[The data]
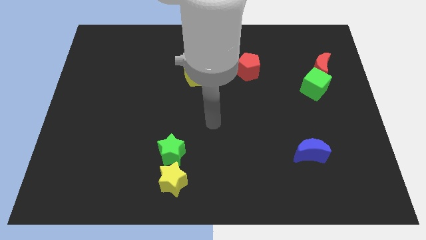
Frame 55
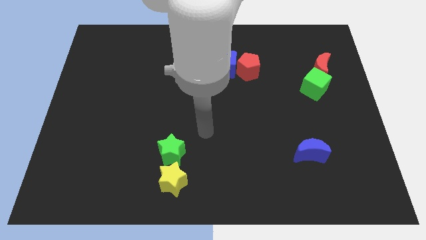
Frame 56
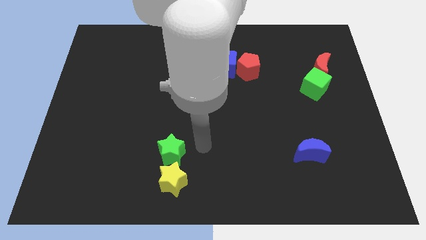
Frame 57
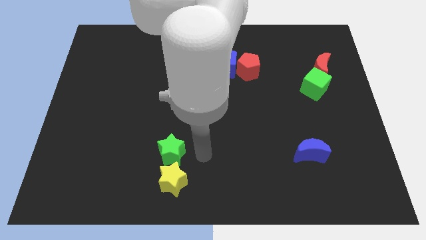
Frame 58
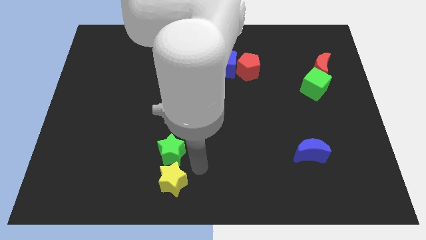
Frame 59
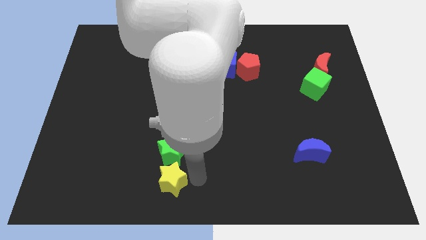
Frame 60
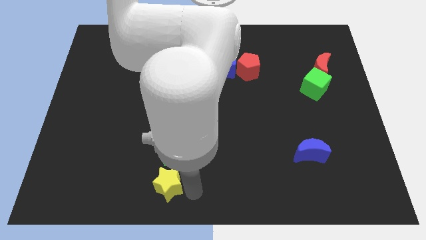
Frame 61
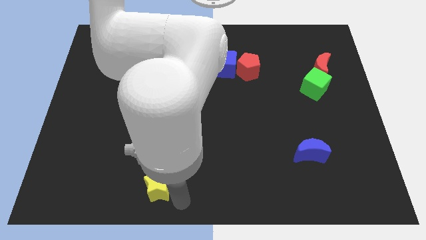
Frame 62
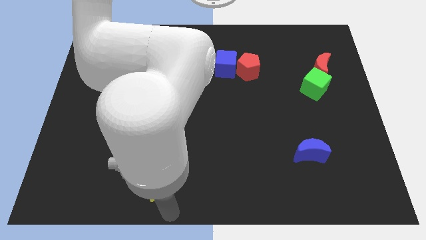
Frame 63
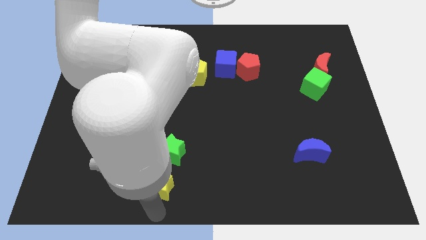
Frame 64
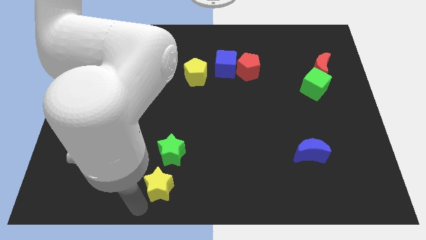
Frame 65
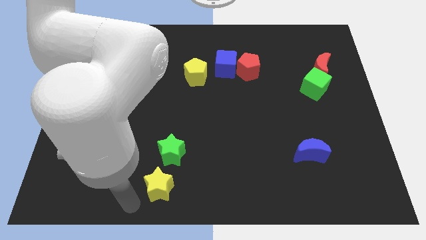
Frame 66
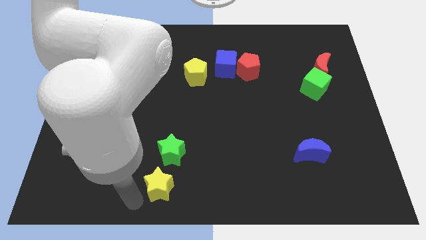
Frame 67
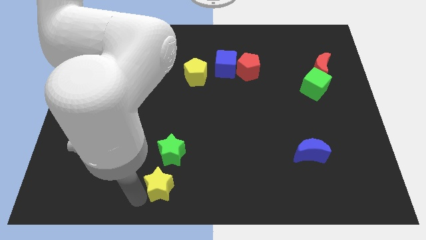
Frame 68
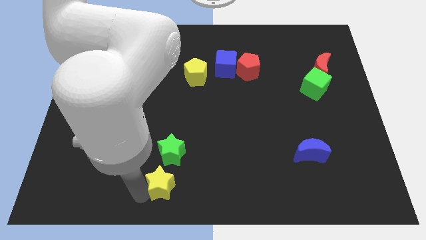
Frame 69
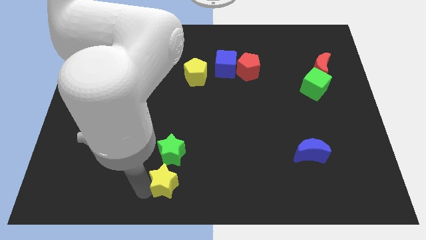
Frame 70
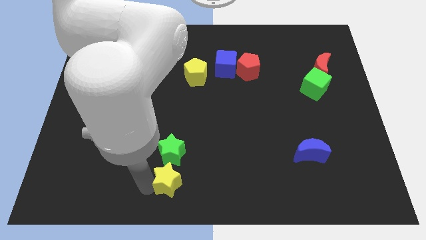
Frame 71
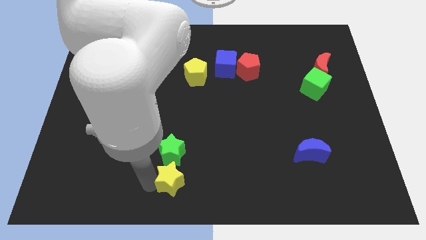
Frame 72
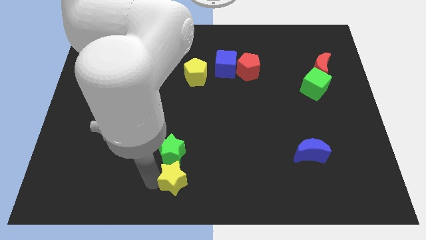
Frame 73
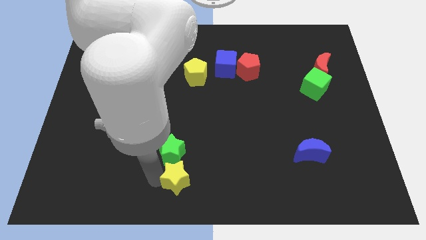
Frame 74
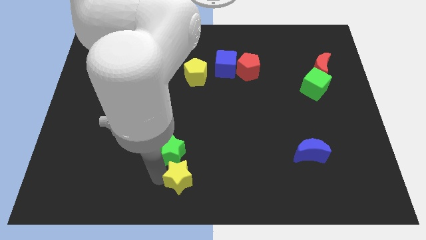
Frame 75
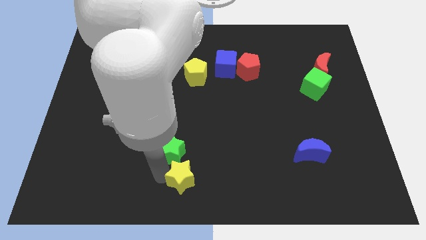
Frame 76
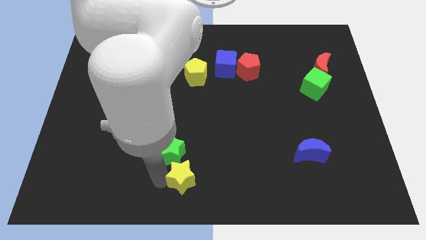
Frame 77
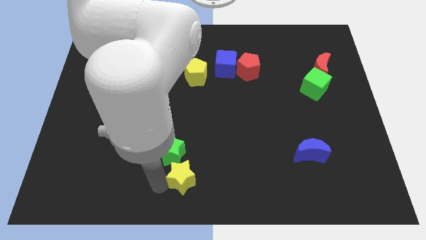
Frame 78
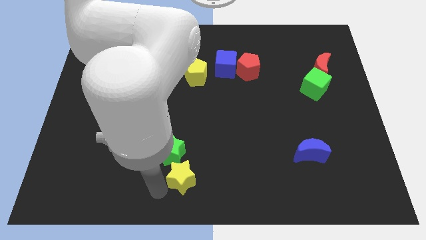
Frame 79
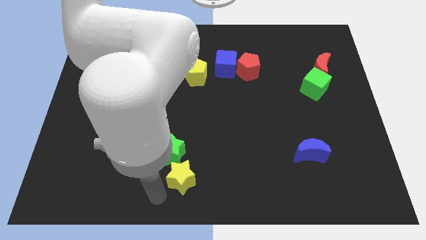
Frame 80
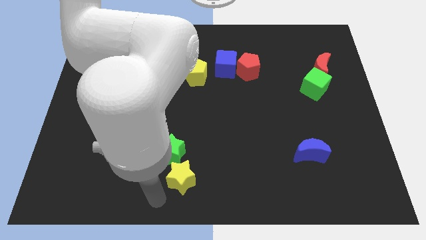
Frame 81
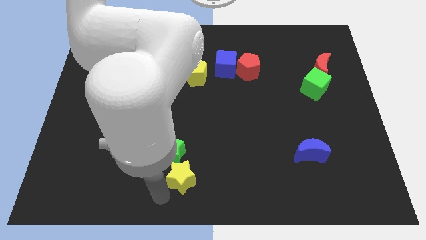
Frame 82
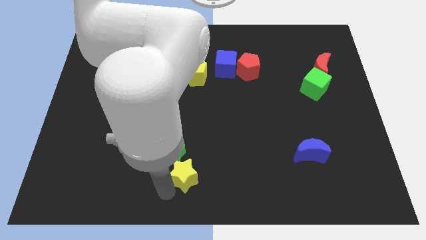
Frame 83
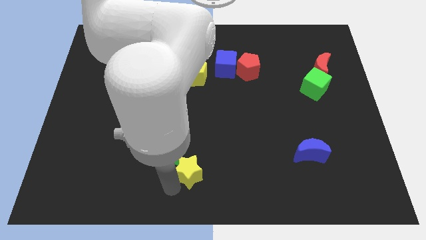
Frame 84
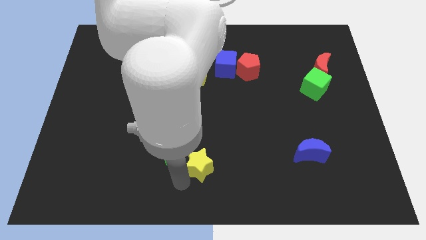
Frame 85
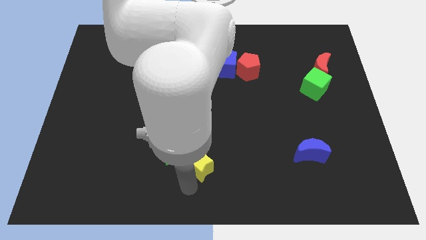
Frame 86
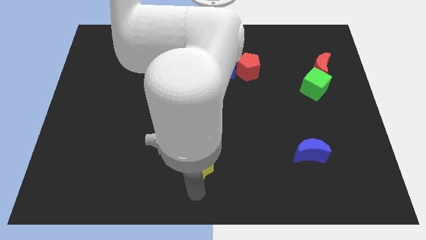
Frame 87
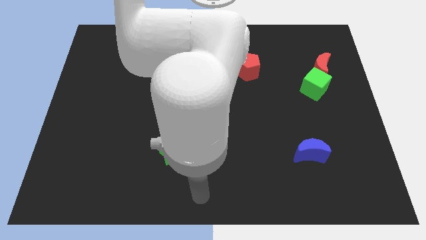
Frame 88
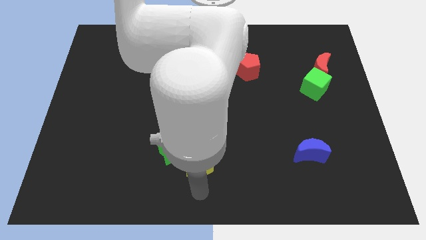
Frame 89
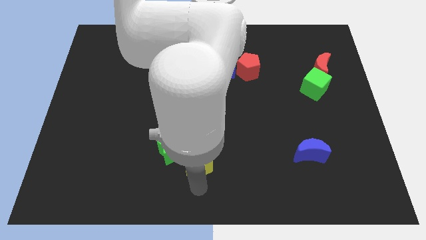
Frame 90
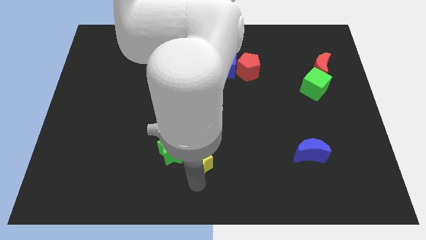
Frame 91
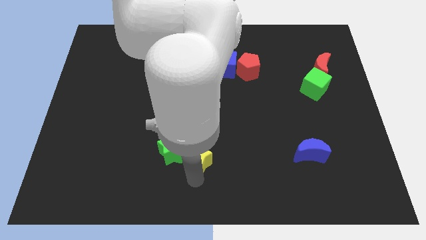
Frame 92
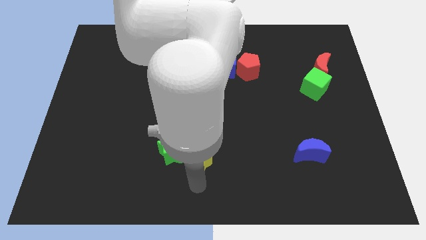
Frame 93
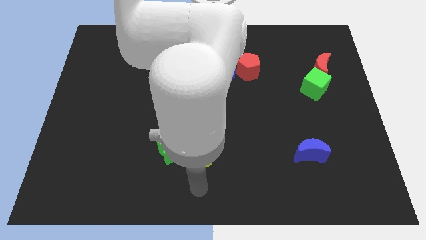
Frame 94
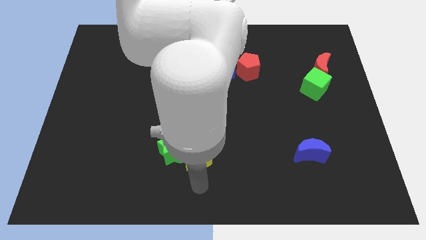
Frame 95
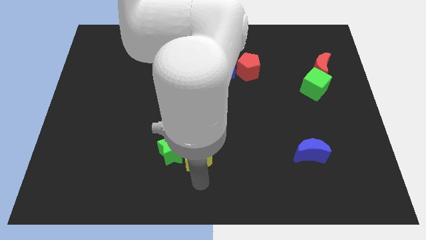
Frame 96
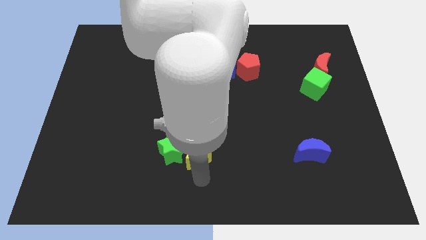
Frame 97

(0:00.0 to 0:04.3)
put the yellow star to the top right of the green star

[Work item] The pictures should be dropped, and every line above should be set down again exactly.

[Solution for this task]
Frame 55
Frame 56
Frame 57
Frame 58
Frame 59
Frame 60
Frame 61
Frame 62
Frame 63
Frame 64
Frame 65
Frame 66
Frame 67
Frame 68
Frame 69
Frame 70
Frame 71
Frame 72
Frame 73
Frame 74
Frame 75
Frame 76
Frame 77
Frame 78
Frame 79
Frame 80
Frame 81
Frame 82
Frame 83
Frame 84
Frame 85
Frame 86
Frame 87
Frame 88
Frame 89
Frame 90
Frame 91
Frame 92
Frame 93
Frame 94
Frame 95
Frame 96
Frame 97

(0:00.0 to 0:04.3)
put the yellow star to the top right of the green star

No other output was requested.